Assignment: Would you please copy only the lines from the line that contains "[00:00:01.200]" to the end of the data below, exactly, leaving every picture out?

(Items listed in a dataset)
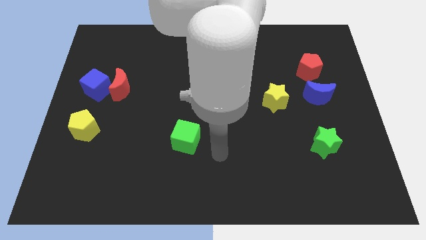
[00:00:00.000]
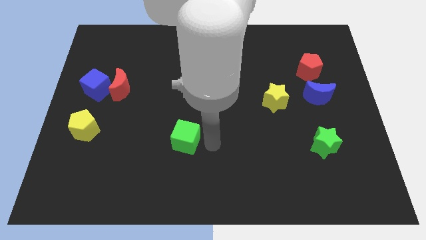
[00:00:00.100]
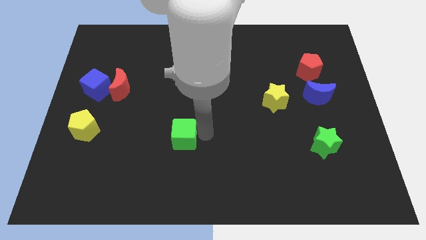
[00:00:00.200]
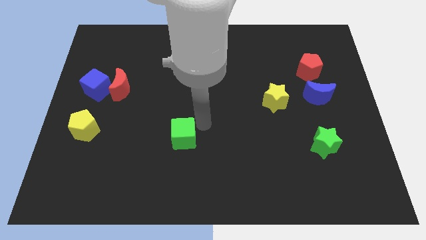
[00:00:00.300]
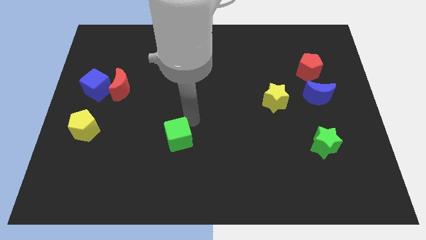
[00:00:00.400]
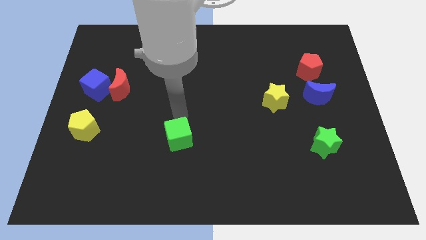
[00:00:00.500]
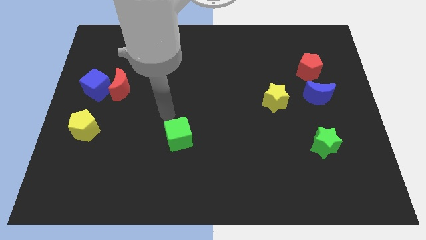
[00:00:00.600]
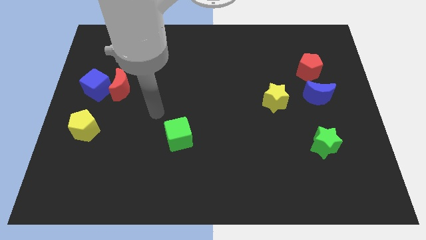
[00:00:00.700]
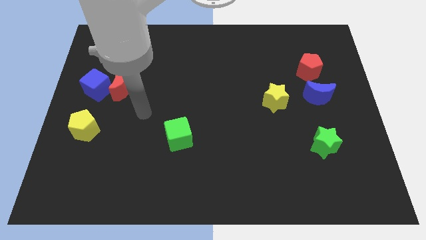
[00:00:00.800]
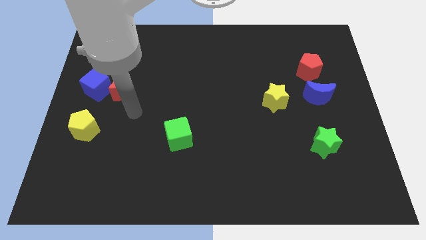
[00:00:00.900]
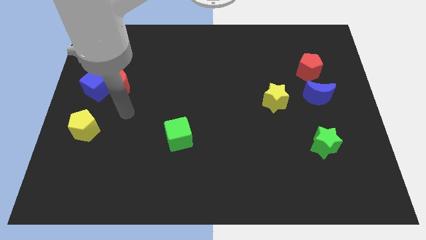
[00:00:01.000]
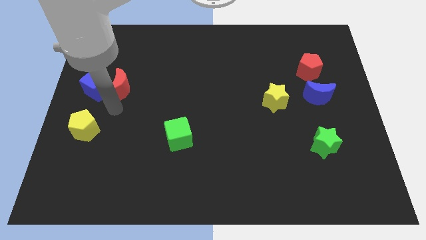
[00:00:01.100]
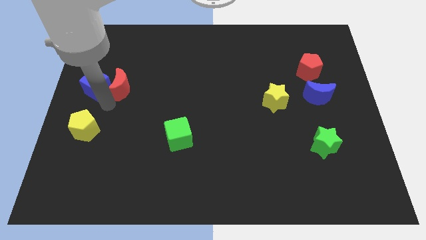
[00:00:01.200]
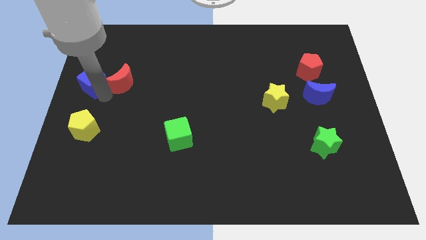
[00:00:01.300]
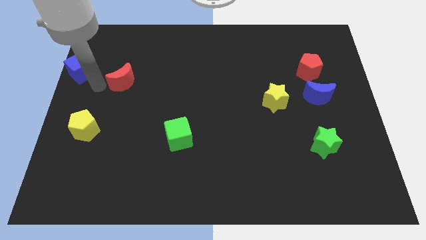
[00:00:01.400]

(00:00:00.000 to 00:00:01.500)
separate the red moon from the blue cube

Result of the exercise:
[00:00:01.200]
[00:00:01.300]
[00:00:01.400]

(00:00:00.000 to 00:00:01.500)
separate the red moon from the blue cube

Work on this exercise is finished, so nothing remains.